[ACTIVITY]: Look through the listing and report every line that has "each" in it.
════
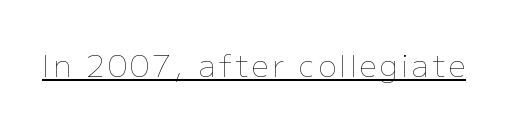
Letters have the restrained weight of plain body copy at most. Every stem runs plumb, perpendicular to the baseline. Students, observe the line beneath the letters — that is underlining. Looks like regular typesetting: each glyph gets only the width it needs.
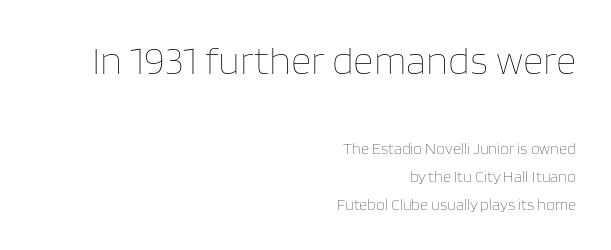
The image shows 40 px thin type, upright; set right-aligned, line spacing 1.77x, normal letter spacing, not underlined; the first (top) block is 2.5x larger; low stroke contrast and a large x-height.
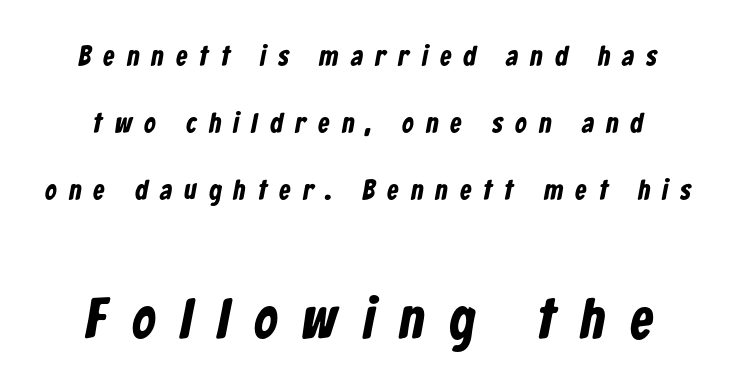
{"serif": "no", "bold": "yes", "weight": "bold", "width": "condensed", "stroke_contrast": "low", "x_height": "medium", "monospaced": "no", "underline": "no", "line_spacing": "loose", "line_spacing_ratio": 2.4, "letter_spacing": "wide", "letter_spacing_em": 0.45, "larger_block": "second", "size_ratio": 2.04, "glyph_px": 57}
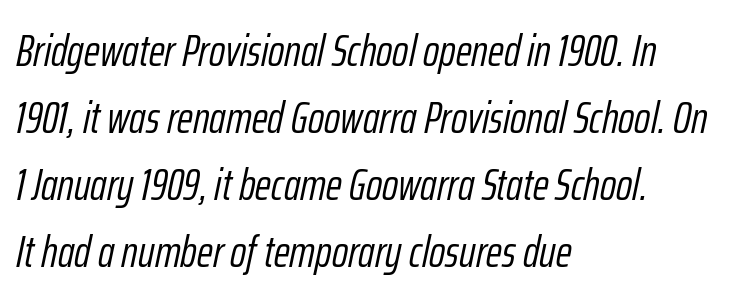
The image shows 44 px light, condensed type, italic (leaning right); set left-aligned, normal line spacing (1.52x), normal letter spacing, not underlined; low stroke contrast and a medium x-height.
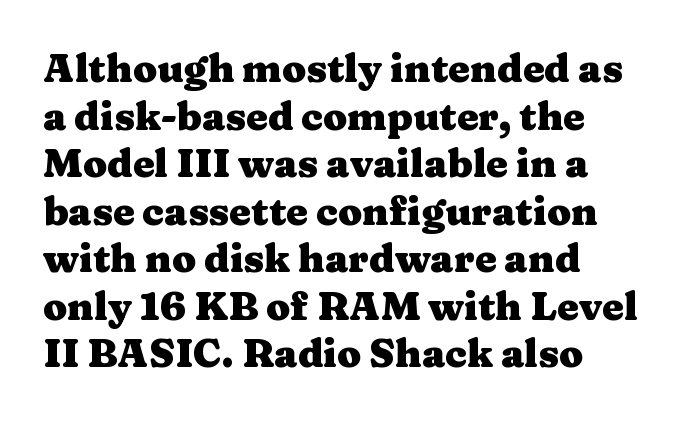
The image shows 39 px heavy, wide serif type, upright; set line spacing 1.22x, normal letter spacing, not underlined; medium stroke contrast and a medium x-height.
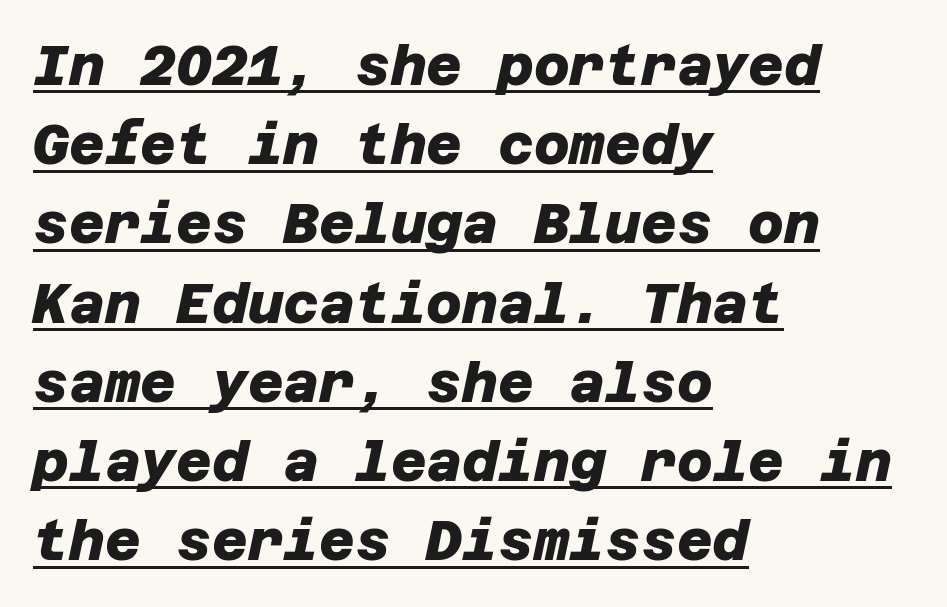
{"serif": "no", "bold": "yes", "weight": "heavy", "width": "normal", "stroke_contrast": "low", "x_height": "large", "underline": "yes", "align": "left", "line_spacing": "normal", "line_spacing_ratio": 1.44, "letter_spacing": "normal", "letter_spacing_em": 0.0, "glyph_px": 55}
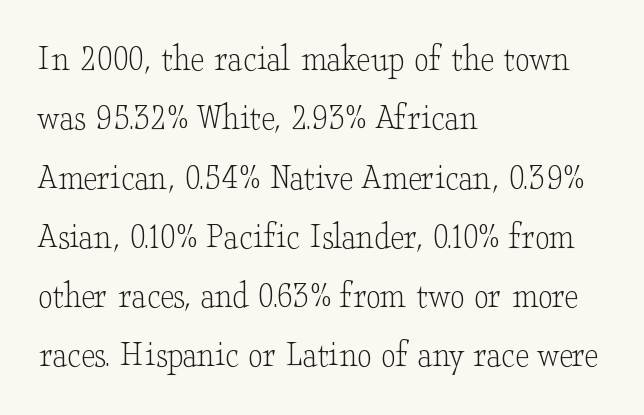
The image shows 38 px light, wide serif type, upright; set left-aligned, normal line spacing (1.56x), normal letter spacing, not underlined; low stroke contrast and a small x-height.
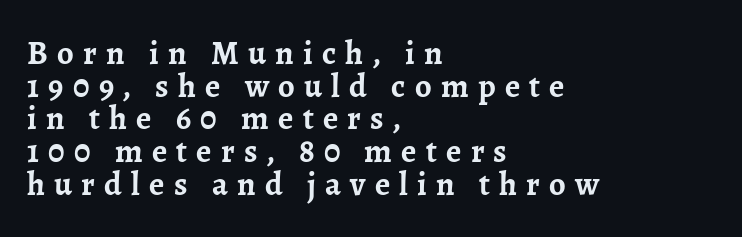
A bare baseline throughout the passage. Reading down the block, your eye returns to a fixed left position each line. Letter spacing: wide. The rendering uses natural spacing where letterforms have individual widths.
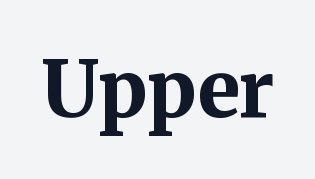
{"serif": "yes", "italic": "no", "bold": "yes", "weight": "bold", "width": "normal", "stroke_contrast": "medium", "x_height": "medium", "monospaced": "no", "underline": "no", "letter_spacing": "normal", "letter_spacing_em": 0.0, "glyph_px": 78}
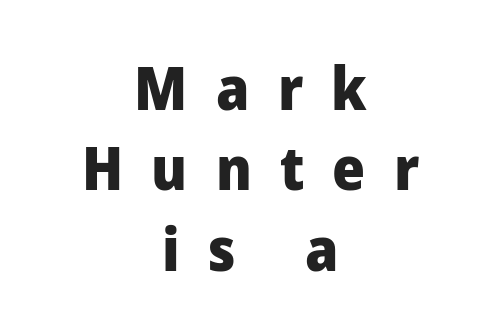
The image shows 60 px heavy sans-serif type, upright; set centered, normal line spacing (1.34x), unusually wide letter spacing (+0.47 em), not underlined; low stroke contrast and a medium x-height.
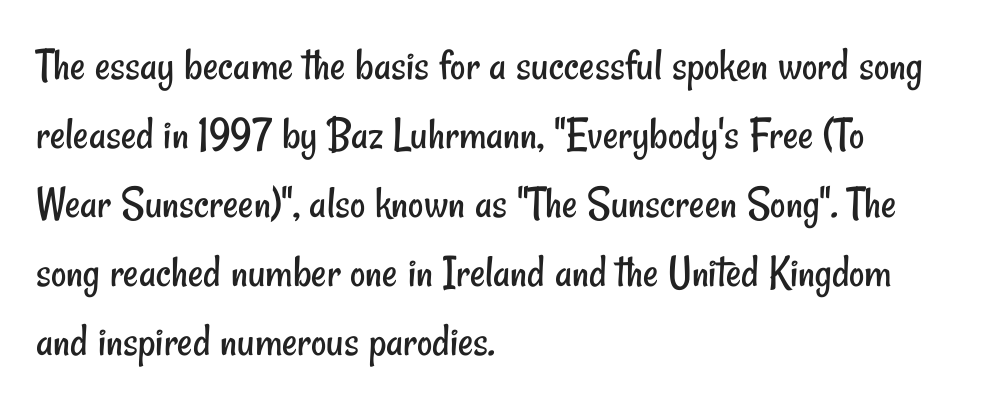
Q: Is the text bold? A: No.
Q: Is the typeface a serif or a sans-serif typeface? A: Sans-serif.
Q: Is the text underlined? A: No.
Q: How is the paragraph aligned? A: Left-aligned.
Q: Is the spacing between letters normal or unusually wide? A: Normal.
Q: Is the spacing between lines tight, normal or loose? A: Normal.
Q: Width (condensed, normal, or wide)? A: Condensed.
Q: Stroke contrast? A: Low.
Q: x-height? A: Small.
Q: Monospaced? A: No.
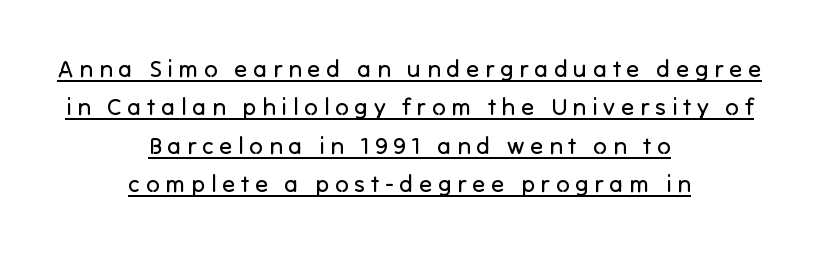
{"italic": "no", "bold": "no", "underline": "yes", "align": "center", "line_spacing": "normal", "line_spacing_ratio": 1.6, "letter_spacing": "wide", "letter_spacing_em": 0.24, "glyph_px": 24}
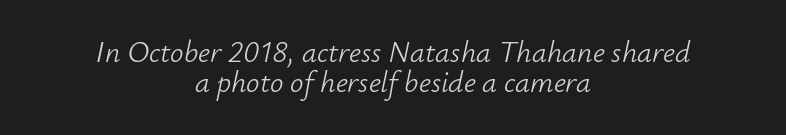
Q: Is the text bold? A: No.
Q: Is the text italic (slanted)? A: Yes, it leans right by about 12 degrees.
Q: Is the text underlined? A: No.
Q: How is the paragraph aligned? A: Centered.
Q: Is the spacing between letters normal or unusually wide? A: Normal.
Q: Is the spacing between lines tight, normal or loose? A: Tight.
Q: Width (condensed, normal, or wide)? A: Normal.
Q: Stroke contrast? A: Low.
Q: x-height? A: Small.
Q: Monospaced? A: No.
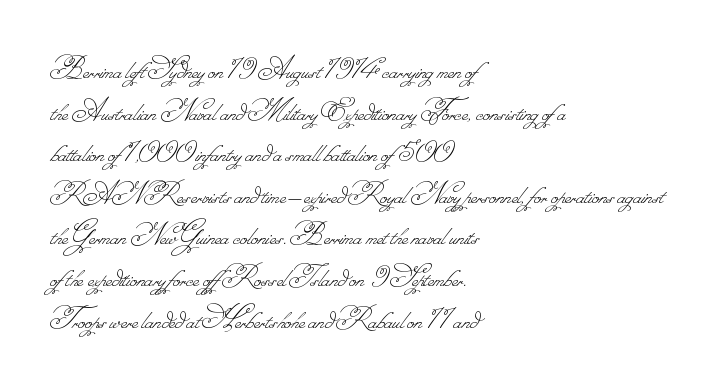
Q: Is the text bold? A: No.
Q: Is the text underlined? A: No.
Q: How is the paragraph aligned? A: Left-aligned.
Q: Is the spacing between letters normal or unusually wide? A: Normal.
Q: Is the spacing between lines tight, normal or loose? A: Normal.
Q: Width (condensed, normal, or wide)? A: Normal.
Q: Stroke contrast? A: Low.
Q: Monospaced? A: No.
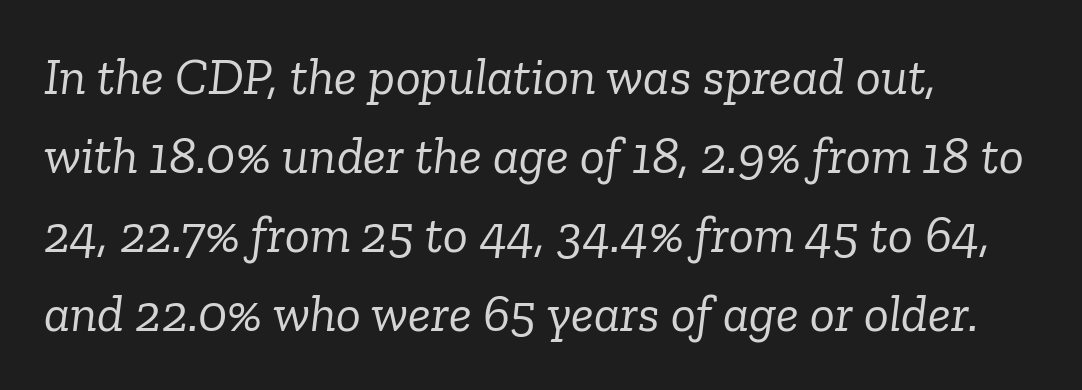
Nobody touched the tracking dial on this one. This sample uses a serif face. Leading: standard. These lines are rendered in a variable-pitch font. This reads as an unemphasized weight, regular at the heaviest.
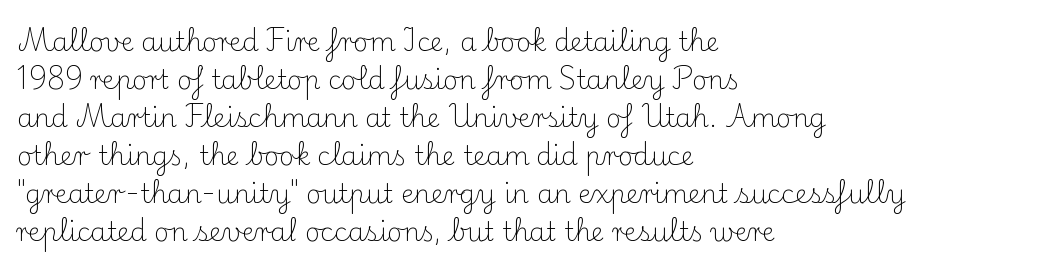
Q: Is the text bold? A: No.
Q: Is the text italic (slanted)? A: No, it is upright.
Q: Is the text underlined? A: No.
Q: How is the paragraph aligned? A: Left-aligned.
Q: Is the spacing between letters normal or unusually wide? A: Normal.
Q: Is the spacing between lines tight, normal or loose? A: Normal.
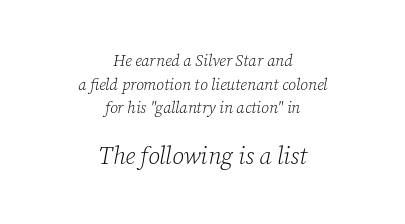
The image shows 24 px text type, italic (leaning right); set centered, normal line spacing (1.47x), normal letter spacing, not underlined; the second (bottom) block is 1.5x larger.
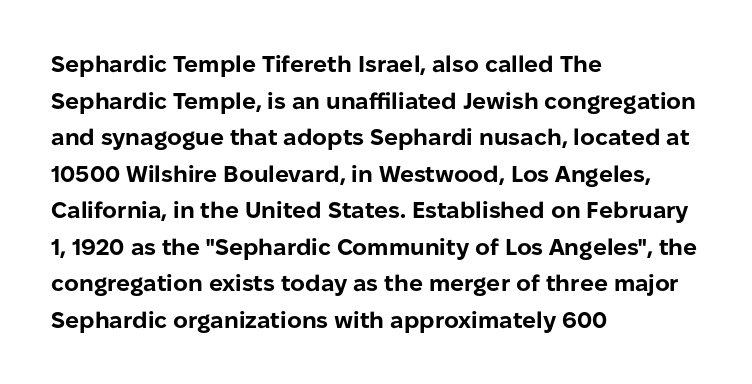
Visually the block forms a straight wall on the left and a jagged coastline on the right. The letters are bold, with thick, heavy strokes. The gap between lines stays unmarked. This sample keeps an unexceptional amount of space between lines. The horizontal fit of the characters is conventional and even. Vertical strokes here are truly vertical.
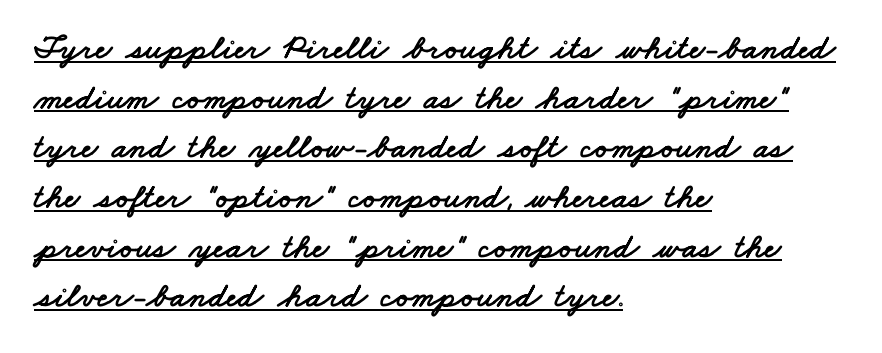
The image shows 35 px wide sans-serif type; set left-aligned, normal line spacing (1.42x), normal letter spacing, underlined; low stroke contrast and a small x-height.
════
[RESULT OF THIS EXERCISE]:
Letters have the restrained weight of plain body copy at most. Every stem runs plumb, perpendicular to the baseline. Students, observe the line beneath the letters — that is underlining. Looks like regular typesetting: each glyph gets only the width it needs.
A bare baseline throughout the passage. Reading down the block, your eye returns to a fixed left position each line. Letter spacing: wide. The rendering uses natural spacing where letterforms have individual widths.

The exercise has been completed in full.